State-run media, such as the Saudi news channel al-Ekhbariya, aired the statement, according to the outlet.
A number of Saudi analysts and pro-government writers brought in to discuss the executions on al-Ekhbariya said they are a powerful sign that the country's leadership will not hesitate to use the full might of the judicial system to punish Saudis who seek to disrupt the kingdom's security.
The executions by beheading were carried out on Tuesday in the regions of Riyadh, Makkah, Madinah, Eastern Province, Qasim, and Asir.
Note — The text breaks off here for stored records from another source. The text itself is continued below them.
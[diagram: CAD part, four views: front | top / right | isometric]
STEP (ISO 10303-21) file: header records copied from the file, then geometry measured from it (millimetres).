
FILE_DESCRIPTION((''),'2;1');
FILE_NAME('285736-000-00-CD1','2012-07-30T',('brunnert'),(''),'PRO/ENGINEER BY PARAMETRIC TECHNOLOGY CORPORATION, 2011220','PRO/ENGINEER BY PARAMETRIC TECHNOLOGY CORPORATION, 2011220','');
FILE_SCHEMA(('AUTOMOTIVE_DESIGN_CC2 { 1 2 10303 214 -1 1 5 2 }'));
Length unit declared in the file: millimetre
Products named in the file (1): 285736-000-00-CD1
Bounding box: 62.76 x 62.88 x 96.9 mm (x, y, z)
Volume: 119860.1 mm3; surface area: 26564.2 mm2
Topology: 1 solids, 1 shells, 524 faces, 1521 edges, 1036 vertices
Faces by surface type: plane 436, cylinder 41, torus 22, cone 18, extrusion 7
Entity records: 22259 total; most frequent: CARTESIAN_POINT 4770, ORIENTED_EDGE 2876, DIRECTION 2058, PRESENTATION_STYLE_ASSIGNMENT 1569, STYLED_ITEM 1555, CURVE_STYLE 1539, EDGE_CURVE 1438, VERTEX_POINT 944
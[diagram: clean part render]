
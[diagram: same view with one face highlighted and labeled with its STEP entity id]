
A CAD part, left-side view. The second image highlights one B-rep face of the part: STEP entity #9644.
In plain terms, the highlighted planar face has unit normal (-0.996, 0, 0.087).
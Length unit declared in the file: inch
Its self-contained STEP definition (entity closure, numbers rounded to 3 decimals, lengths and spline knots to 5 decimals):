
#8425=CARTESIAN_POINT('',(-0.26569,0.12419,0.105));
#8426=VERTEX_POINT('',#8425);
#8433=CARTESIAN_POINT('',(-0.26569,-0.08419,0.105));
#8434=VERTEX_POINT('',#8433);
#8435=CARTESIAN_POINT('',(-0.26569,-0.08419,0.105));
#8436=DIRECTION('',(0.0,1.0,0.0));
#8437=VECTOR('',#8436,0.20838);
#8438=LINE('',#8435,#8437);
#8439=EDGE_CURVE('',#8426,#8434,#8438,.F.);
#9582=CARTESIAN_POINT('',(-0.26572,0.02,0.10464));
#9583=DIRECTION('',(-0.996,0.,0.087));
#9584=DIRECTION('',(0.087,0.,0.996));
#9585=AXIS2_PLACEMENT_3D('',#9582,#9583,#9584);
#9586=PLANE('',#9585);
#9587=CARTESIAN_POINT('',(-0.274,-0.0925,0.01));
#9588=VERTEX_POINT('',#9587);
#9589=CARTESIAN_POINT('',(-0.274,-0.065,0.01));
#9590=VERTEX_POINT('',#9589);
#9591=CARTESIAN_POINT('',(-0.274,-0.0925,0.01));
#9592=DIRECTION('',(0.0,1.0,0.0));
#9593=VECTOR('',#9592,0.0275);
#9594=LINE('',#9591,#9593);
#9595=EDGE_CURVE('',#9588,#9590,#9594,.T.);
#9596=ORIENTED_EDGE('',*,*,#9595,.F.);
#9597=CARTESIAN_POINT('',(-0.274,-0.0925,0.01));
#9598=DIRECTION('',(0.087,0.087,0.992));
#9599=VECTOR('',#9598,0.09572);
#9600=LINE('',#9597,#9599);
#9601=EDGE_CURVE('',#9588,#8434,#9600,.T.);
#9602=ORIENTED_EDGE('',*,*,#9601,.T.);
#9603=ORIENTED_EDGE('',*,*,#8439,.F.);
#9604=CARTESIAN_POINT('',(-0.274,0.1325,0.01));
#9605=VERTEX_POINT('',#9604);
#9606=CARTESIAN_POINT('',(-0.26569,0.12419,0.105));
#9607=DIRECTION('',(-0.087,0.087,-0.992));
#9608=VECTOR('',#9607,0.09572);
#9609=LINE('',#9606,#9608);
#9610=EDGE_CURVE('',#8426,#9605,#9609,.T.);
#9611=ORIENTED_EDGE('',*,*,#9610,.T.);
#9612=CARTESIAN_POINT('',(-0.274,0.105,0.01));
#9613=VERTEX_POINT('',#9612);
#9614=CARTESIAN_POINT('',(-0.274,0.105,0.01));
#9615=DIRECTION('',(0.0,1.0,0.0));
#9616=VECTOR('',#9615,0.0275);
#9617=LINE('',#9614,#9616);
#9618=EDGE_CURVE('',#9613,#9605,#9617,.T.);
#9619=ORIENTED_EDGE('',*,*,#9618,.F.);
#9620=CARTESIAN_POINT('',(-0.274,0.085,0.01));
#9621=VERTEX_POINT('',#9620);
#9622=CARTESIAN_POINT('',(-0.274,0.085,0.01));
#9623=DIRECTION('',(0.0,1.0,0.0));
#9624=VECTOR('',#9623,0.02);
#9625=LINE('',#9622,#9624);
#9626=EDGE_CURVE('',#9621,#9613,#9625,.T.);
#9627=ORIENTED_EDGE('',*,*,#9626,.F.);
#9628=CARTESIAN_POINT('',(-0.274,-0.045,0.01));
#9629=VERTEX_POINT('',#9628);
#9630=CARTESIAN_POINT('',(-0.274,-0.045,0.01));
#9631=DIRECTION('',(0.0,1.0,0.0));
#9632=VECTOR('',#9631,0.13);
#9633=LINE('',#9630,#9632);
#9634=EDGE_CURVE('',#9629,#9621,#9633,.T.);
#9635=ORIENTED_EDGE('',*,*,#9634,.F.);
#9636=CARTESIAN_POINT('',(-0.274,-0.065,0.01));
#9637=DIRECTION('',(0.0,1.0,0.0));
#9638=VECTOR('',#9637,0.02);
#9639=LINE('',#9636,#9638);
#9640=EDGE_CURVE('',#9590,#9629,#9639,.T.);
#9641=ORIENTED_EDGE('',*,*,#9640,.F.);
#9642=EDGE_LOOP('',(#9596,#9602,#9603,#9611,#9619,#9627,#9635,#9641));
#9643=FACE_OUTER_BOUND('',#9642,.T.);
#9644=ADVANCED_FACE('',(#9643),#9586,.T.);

Among those executed was a young man who was convicted of a crime that took place while he was under the age of 18.
People convicted of terrorism, homicide, rape, armed robbery and drug trafficking face the death penalty, which the Saudi government says serves as a deterrent against serious crime. Public displays of the bodies of executed men last for around three hours until late afternoon prayers, with the severed head and body hoisted to the top of a pole overlooking a main square.
Security forces in the kingdom have been a frequent target of attacks perpetrated by the al-Qaeda and Islamic State groups, Bloomberg reported. The attack was claimed by the militant Islamic State group.
Saudi Arabia's prosecution of Shiites, who have complained of discrimination in the kingdom, has aggravated the rivalry.